Presentations from the TIC Conference are available online.
Presutti Named New GM in Des Moines, IA
The Des Moines Area Regional Transit Authority (DART) in Des Moines, IA, has named Elizabeth Presutti its general manager, effective July 1. She succeeds Brad Miller, who is joining the Pinellas Suncoast Transit Authority in St. Petersburg, FL, as its chief executive officer.
Presutti came to DART in 2008 as chief development officer and has 12 years of transit industry experience.
“Not only is Elizabeth well qualified for the position, she is the right person for the job at this critical junction for DART,” said Angela Connolly, Polk County supervisor and chair of the DART Commission. “She is well known and respected throughout the region, and has an intimate knowledge of all of the major projects at DART. Under Elizabeth’s leadership, we won’t skip a beat in our plans to improve public transit for Greater Des Moines.”
Bloomington-Normal, IL, Hires Johnson as GM
The Bloomington-Normal Public Transit System in Bloomington, IL, has hired Andrew Johnson, deputy director of Waukesha Metro Transit in Waukesha, WI, as its new general manager.

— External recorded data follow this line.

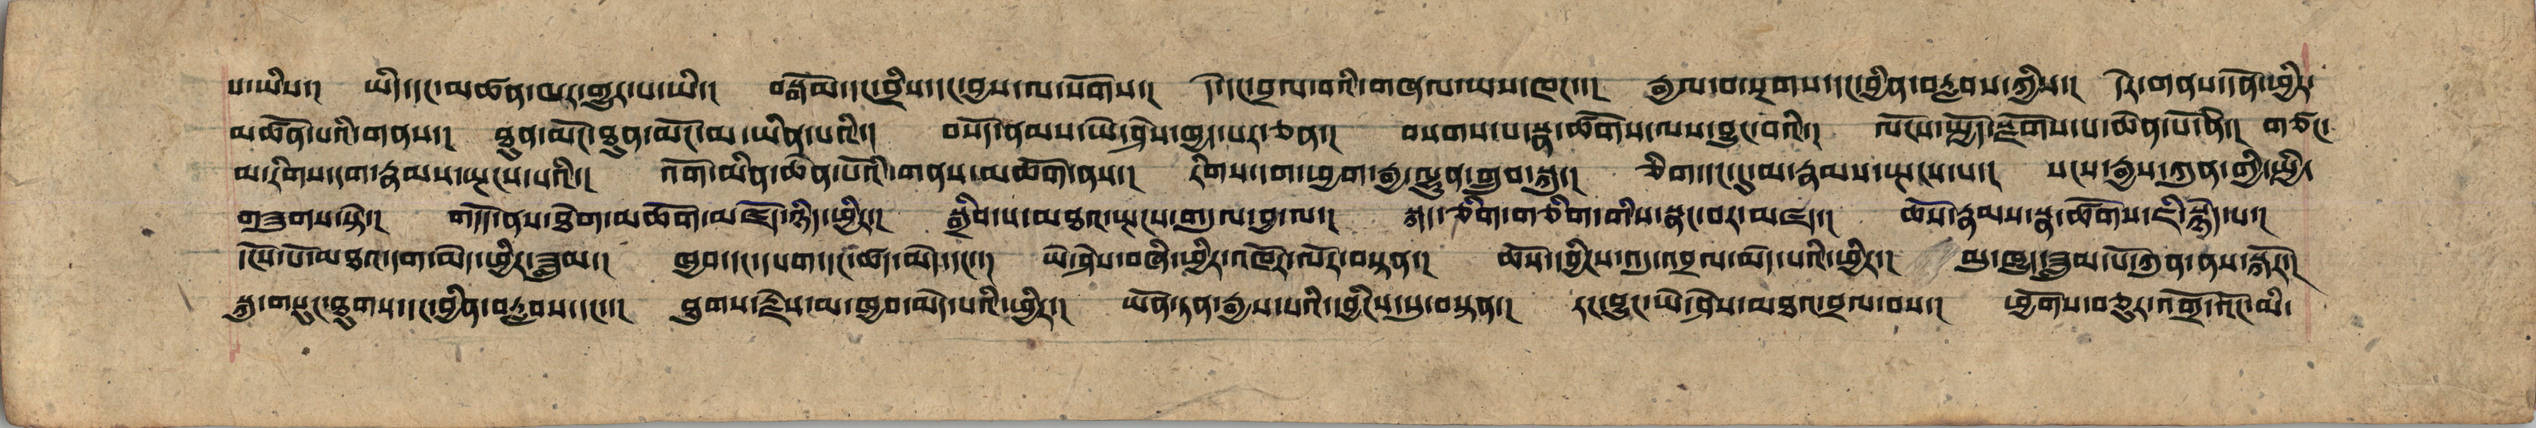པ་ཡིས་། ཡིད་དང་མཚན་མར་གྱུར་པ་ཡི་། བསྒོམ་དང་བྲིས་དང་བྱས་ལ་སོགས་། དེ་དང་བྲལ་བའི་གཞལ་ཡས་ཁང་་། རྒྱལ་བ་སྔགས་དང་བྱིན་བརླབས་ཀྱིས་། དེར་གནས་དོན་ཕྱིར་
མཚོན་པའི་གནས་། ཐུན་མོང་ཐུན་མོང་མ་ཡིན་པའི་། བསོད་ནམས་ཡེ་ཤེས་ཁྱད་པར་ཅན་། བསགས་པ་སྣ་ཚོགས་ལས་བྱུང་བའི་། ལོངས་སྤྱོད་སྫོགས་པ་ཆེན་པོ་ནི་། གཙང་
མ་རིགས་དག་རྣམས་སྤངས་པའི་། འོག་མིན་ཆེན་པོའི་གནས་མཆོག་ནས་། རིགས་དག་ཕྱག་རྒྱ་ལྷུན་གྲུབ་སྐུ་། ཅིག་དང་དུ་མ་རྣམས་སྤངས་པ་། སངས་རྒྱས་ཀུན་གྱི་སྤྱི་
གཟུགས་སྟེ་། གདོད་ནས་ཐེག་མཆོག་མཛོད་ཉིད་ཕྱིར་། སྒྲིབ་པ་མཐའ་སྤངས་གདུལ་བྱ་ལ་། སྐད་ཅིག་གཅིག་གིས་སྣང་བར་མཛད་། ཆོས་རྣམས་སྣ་ཚོགས་ཇི་སྙེད་པ་།
དངོས་པོ་མཐའ་དག་མེད་ཕྱིར་ཟླུམ་། ཁྱབ་དང་དཔག་དང་ཚད་མེད་དང་་། ཡེ་ཤེས་བཞི་ཕྱིར་འཁོར་ལོར་བསྟན་། ཆོས་དབྱིངས་འདུ་འབྲལ་མེད་པའི་ཕྱིར་། མུ་ཁྱུད་ཟླུམ་པོ་ཀུན་ནས་སྐོར་།
སྐུ་གསུང་ཐུགས་དང་བྱིན་བརླབས་དང་་། ཐུགས་རྗེས་མ་ཁྱབ་མེད་པའི་ཕྱིར་། ཡོན་ཏན་རྒྱས་པའི་དབྱིངས་སུ་བསྟན་། རང་བྱུང་ཡེ་ཤེས་མཐའ་བྲལ་བས་། ཕྱོགས་བཅུར་འགྲོ་འོང་མི་

He joins the agency Aug. 8.
Johnson worked for the Waukesha system as finance officer from 1992 to 1998 and returned in his current post in 2003. In the interim, he worked in financial operations for Protective Life Insurance, HALO Branded Solutions, and Weyerhaeuser Company. He earned both his bachelor’s degree in finance and his master of business administration degree from Marquette University.
He is secretary of the Wisconsin Urban and Rural Transit Association Board of Directors.
NATIONAL DUMP THE PUMP DAY 2011
Transit Agencies: It’s Time to Dump the Pump
More than 130 U.S. public transportation agencies, state transit associations, and vendors conducted activities June 16 in honor of the sixth annual National Dump the Pump Day. The day is an opportunity for the public to discover the many benefits—environmental, economic, and energy-saving—of using transit instead of driving.
On the day itself, there were 592 stories on TV stations across the country. And Googling the day resulted in more than 440,000 hits, including stories in such publications as The Washington Post, Orlando Sentinel, Tucson Citizen, and San Francisco Examiner.
The Sierra Club and Natural Resources Defense Council joined APTA in sponsoring this year’s observance.
Here is a representative sample of Dump the Pump activities nationwide.
Public transit agencies throughout Arizona invited residents of their communities to “take a vacation from high gas prices” and try transit on June 16.
“Dump the Pump AZ is a perfect reason to try riding the bus or light rail, or even finding a carpool partner,” said Valley Metro Chair and Tempe Councilmember Shana Ellis. “We hope residents will find there are smarter ways to travel, which also will provide a payback in both finances and air quality.”
In West Palm Beach, FL, Palm Tran distributed free all-day passes on Dump the Pump Day to all passengers parking at the agency’s six park-and-ride locations.
The South Florida Regional Transportation Authority/Tri-Rail in Pompano Beach set an all-time ridership record on Dump the Pump Day, providing 19,731 trips—the most for a single day in the agency’s 22-year history. Bonnie Arnold, director of marketing and customer service, said: “It was especially encouraging to see so many young people on the trains because, the earlier in life that they discover there are alternatives to driving, the more likely they are to use them.”
The Orange County Transportation Authority (OCTA) in Orange, CA, devoted the entire week of June 13 to Dump the Pump activities, culminating in a rider appreciation event the morning of June 16 at the Anaheim train station. OCTA also invited its riders to sign an online pledge to Dump the Pump by choosing not to drive solo and instead take the bus or train, carpool, ride a bike, walk, or telecommute; participants were eligible for prizes.
The San Francisco Bay Area Rapid Transit District (BART) in Oakland, CA, distributed Dump the Pump stickers to riders at three stations. If Dump the Pump Squads spotted the stickers, they gave the wearer a $20 BART ticket.
“Winning a $20 BART ticket is a great bonus for our riders, but in a sense we all win when people choose BART instead of driving,” said BART Board President Bob Franklin. “Each weekday, BART riders keep 200,000 gallons of gas from being used and keep four million pounds of CO2 out of the air.”
BART also invited non-riders to submit photos of themselves filling up vehicles at gas pumps showing high per-gallon or total prices. The contest runs through July 11 and the randomly selected winner will receive $500 in BART tickets.
Eight public transportation agencies in the Puget Sound region of Washington State—Community Transit in Snohomish County, Everett Transit, Intercity Transit in Olympia, King County Metro Transit in Seattle, Kitsap Transit in Bremerton, Pierce Transit in Lakewood, Sound Transit in the central Puget Sound region, and Washington State Ferries—joined together to mark Dump the Pump Day.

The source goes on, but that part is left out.